Abstract:The classical PAC sample complexity bounds are stated for any Empirical Risk Minimizer (ERM) and contain an extra logarithmic factor $\log(1/{\epsilon})$ which is known to be necessary for ERM in general. It has been recently shown by Hanneke (2016) that the optimal sample complexity of PAC learning for any VC class C is achieved by a particular improper learning algorithm, which outputs a specific majority-vote of hypotheses in C. This leaves the question of when this bound can be achieved by proper learning algorithms, which are restricted to always output a hypothesis from C. In this paper we aim to characterize the classes for which the optimal sample complexity can be achieved by a proper learning algorithm.
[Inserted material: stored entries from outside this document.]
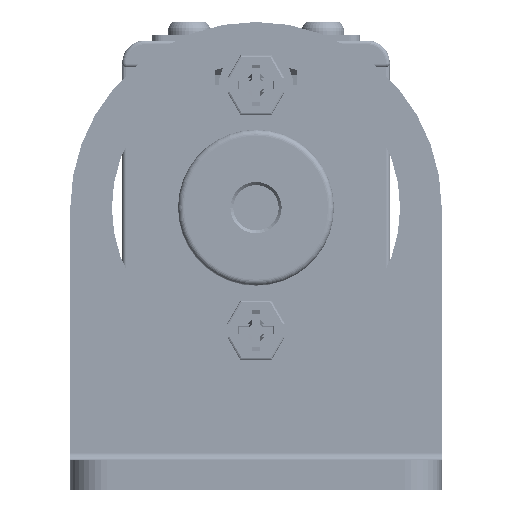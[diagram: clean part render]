
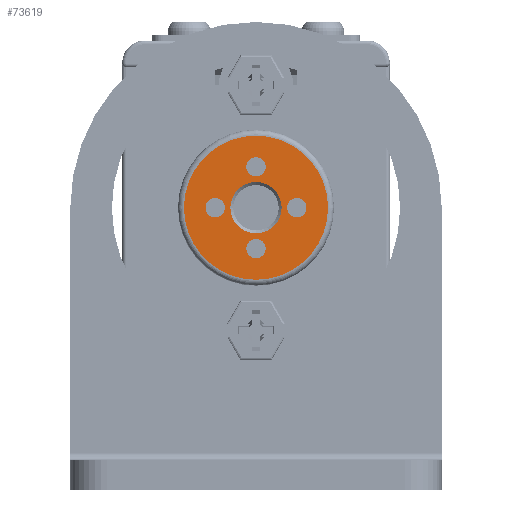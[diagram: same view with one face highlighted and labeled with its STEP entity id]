
A CAD part, front view. The second image highlights one B-rep face of the part: STEP entity #73619.
In plain terms, the highlighted face is planar.
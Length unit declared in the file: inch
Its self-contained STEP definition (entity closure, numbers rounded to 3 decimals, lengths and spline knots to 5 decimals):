
#72178=CARTESIAN_POINT('',(0.,0.,0.));
#72179=DIRECTION('',(0.,1.,0.));
#72180=DIRECTION('',(1.,0.,0.));
#72181=AXIS2_PLACEMENT_3D('',#72178,#72179,#72180);
#72183=CARTESIAN_POINT('',(0.,0.,0.));
#72184=DIRECTION('',(0.,1.,0.));
#72185=DIRECTION('',(-1.,0.,0.));
#72186=AXIS2_PLACEMENT_3D('',#72183,#72184,#72185);
#72188=CARTESIAN_POINT('',(0.,0.,0.));
#72189=DIRECTION('',(0.,-1.,0.));
#72190=DIRECTION('',(1.,0.,0.));
#72191=AXIS2_PLACEMENT_3D('',#72188,#72189,#72190);
#72193=CARTESIAN_POINT('',(0.,0.,0.));
#72194=DIRECTION('',(0.,-1.,0.));
#72195=DIRECTION('',(-1.,0.,0.));
#72196=AXIS2_PLACEMENT_3D('',#72193,#72194,#72195);
#72198=CARTESIAN_POINT('',(0.,0.,-5.5));
#72199=DIRECTION('',(0.,1.,0.));
#72200=DIRECTION('',(1.,0.,0.));
#72201=AXIS2_PLACEMENT_3D('',#72198,#72199,#72200);
#72203=CARTESIAN_POINT('',(0.,0.,-5.5));
#72204=DIRECTION('',(0.,1.,0.));
#72205=DIRECTION('',(-1.,0.,0.));
#72206=AXIS2_PLACEMENT_3D('',#72203,#72204,#72205);
#72208=CARTESIAN_POINT('',(5.5,0.,0.));
#72209=DIRECTION('',(0.,1.,0.));
#72210=DIRECTION('',(1.,0.,0.));
#72211=AXIS2_PLACEMENT_3D('',#72208,#72209,#72210);
#72213=CARTESIAN_POINT('',(5.5,0.,0.));
#72214=DIRECTION('',(0.,1.,0.));
#72215=DIRECTION('',(-1.,0.,0.));
#72216=AXIS2_PLACEMENT_3D('',#72213,#72214,#72215);
#72218=CARTESIAN_POINT('',(0.,0.,5.5));
#72219=DIRECTION('',(0.,1.,0.));
#72220=DIRECTION('',(1.,0.,0.));
#72221=AXIS2_PLACEMENT_3D('',#72218,#72219,#72220);
#72223=CARTESIAN_POINT('',(0.,0.,5.5));
#72224=DIRECTION('',(0.,1.,0.));
#72225=DIRECTION('',(-1.,0.,0.));
#72226=AXIS2_PLACEMENT_3D('',#72223,#72224,#72225);
#72228=CARTESIAN_POINT('',(-5.5,0.,0.));
#72229=DIRECTION('',(0.,1.,0.));
#72230=DIRECTION('',(1.,0.,0.));
#72231=AXIS2_PLACEMENT_3D('',#72228,#72229,#72230);
#72233=CARTESIAN_POINT('',(-5.5,0.,0.));
#72234=DIRECTION('',(0.,1.,0.));
#72235=DIRECTION('',(-1.,0.,0.));
#72236=AXIS2_PLACEMENT_3D('',#72233,#72234,#72235);
#73305=CARTESIAN_POINT('',(9.7,0.,0.));
#73306=CARTESIAN_POINT('',(-9.7,0.,0.));
#73307=VERTEX_POINT('',#73305);
#73308=VERTEX_POINT('',#73306);
#73333=CARTESIAN_POINT('',(3.44999,0.,0.));
#73334=CARTESIAN_POINT('',(-3.44999,0.,0.));
#73335=VERTEX_POINT('',#73333);
#73336=VERTEX_POINT('',#73334);
#73357=CARTESIAN_POINT('',(1.3,0.,-5.5));
#73358=CARTESIAN_POINT('',(-1.3,0.,-5.5));
#73359=VERTEX_POINT('',#73357);
#73360=VERTEX_POINT('',#73358);
#73361=CARTESIAN_POINT('',(6.8,0.,0.));
#73362=CARTESIAN_POINT('',(4.2,0.,0.));
#73363=VERTEX_POINT('',#73361);
#73364=VERTEX_POINT('',#73362);
#73365=CARTESIAN_POINT('',(1.3,0.,5.5));
#73366=CARTESIAN_POINT('',(-1.3,0.,5.5));
#73367=VERTEX_POINT('',#73365);
#73368=VERTEX_POINT('',#73366);
#73369=CARTESIAN_POINT('',(-4.2,0.,0.));
#73370=CARTESIAN_POINT('',(-6.8,0.,0.));
#73371=VERTEX_POINT('',#73369);
#73372=VERTEX_POINT('',#73370);
#73579=CARTESIAN_POINT('',(0.,0.,0.));
#73580=DIRECTION('',(0.,1.,0.));
#73581=DIRECTION('',(1.,0.,0.));
#73582=AXIS2_PLACEMENT_3D('',#73579,#73580,#73581);
#73583=PLANE('',#73582);
#73585=ORIENTED_EDGE('',*,*,#73584,.F.);
#73587=ORIENTED_EDGE('',*,*,#73586,.F.);
#73588=EDGE_LOOP('',(#73585,#73587));
#73589=FACE_OUTER_BOUND('',#73588,.F.);
#73591=ORIENTED_EDGE('',*,*,#73590,.F.);
#73592=ORIENTED_EDGE('',*,*,#73569,.F.);
#73593=EDGE_LOOP('',(#73591,#73592));
#73594=FACE_BOUND('',#73593,.F.);
#73596=ORIENTED_EDGE('',*,*,#73595,.T.);
#73598=ORIENTED_EDGE('',*,*,#73597,.T.);
#73599=EDGE_LOOP('',(#73596,#73598));
#73600=FACE_BOUND('',#73599,.F.);
#73602=ORIENTED_EDGE('',*,*,#73601,.T.);
#73604=ORIENTED_EDGE('',*,*,#73603,.T.);
#73605=EDGE_LOOP('',(#73602,#73604));
#73606=FACE_BOUND('',#73605,.F.);
#73608=ORIENTED_EDGE('',*,*,#73607,.T.);
#73610=ORIENTED_EDGE('',*,*,#73609,.T.);
#73611=EDGE_LOOP('',(#73608,#73610));
#73612=FACE_BOUND('',#73611,.F.);
#73614=ORIENTED_EDGE('',*,*,#73613,.T.);
#73616=ORIENTED_EDGE('',*,*,#73615,.T.);
#73617=EDGE_LOOP('',(#73614,#73616));
#73618=FACE_BOUND('',#73617,.F.);
#73619=ADVANCED_FACE('',(#73589,#73594,#73600,#73606,#73612,#73618),#73583,.T.);
#72182=CIRCLE('',#72181,9.7);
#72187=CIRCLE('',#72186,9.7);
#72192=CIRCLE('',#72191,3.44999);
#72197=CIRCLE('',#72196,3.44999);
#72202=CIRCLE('',#72201,1.3);
#72207=CIRCLE('',#72206,1.3);
#72212=CIRCLE('',#72211,1.3);
#72217=CIRCLE('',#72216,1.3);
#72222=CIRCLE('',#72221,1.3);
#72227=CIRCLE('',#72226,1.3);
#72232=CIRCLE('',#72231,1.3);
#72237=CIRCLE('',#72236,1.3);
#73569=EDGE_CURVE('',#73336,#73335,#72197,.T.);
#73584=EDGE_CURVE('',#73307,#73308,#72182,.T.);
#73586=EDGE_CURVE('',#73308,#73307,#72187,.T.);
#73590=EDGE_CURVE('',#73335,#73336,#72192,.T.);
#73595=EDGE_CURVE('',#73359,#73360,#72202,.T.);
#73597=EDGE_CURVE('',#73360,#73359,#72207,.T.);
#73601=EDGE_CURVE('',#73363,#73364,#72212,.T.);
#73603=EDGE_CURVE('',#73364,#73363,#72217,.T.);
#73607=EDGE_CURVE('',#73367,#73368,#72222,.T.);
#73609=EDGE_CURVE('',#73368,#73367,#72227,.T.);
#73613=EDGE_CURVE('',#73371,#73372,#72232,.T.);
#73615=EDGE_CURVE('',#73372,#73371,#72237,.T.);

We identify that these classes can be characterized by the dual Helly number, which is a combinatorial parameter that arises in discrete geometry and abstract convexity. In particular, under general conditions on C, we show that the dual Helly number is bounded if and only if there is a proper learner that obtains the optimal joint dependence on $\epsilon$ and $\delta$. As further implications of our techniques we resolve a long-standing open problem posed by Vapnik and Chervonenkis (1974) on the performance of the Support Vector Machine by proving that the sample complexity of SVM in the realizable case is $\Theta((n/{\epsilon})+(1/{\epsilon})\log(1/{\delta}))$, where $n$ is the dimension. This gives the first optimal PAC bound for Halfspaces achieved by a proper learning algorithm, and moreover is computationally efficient.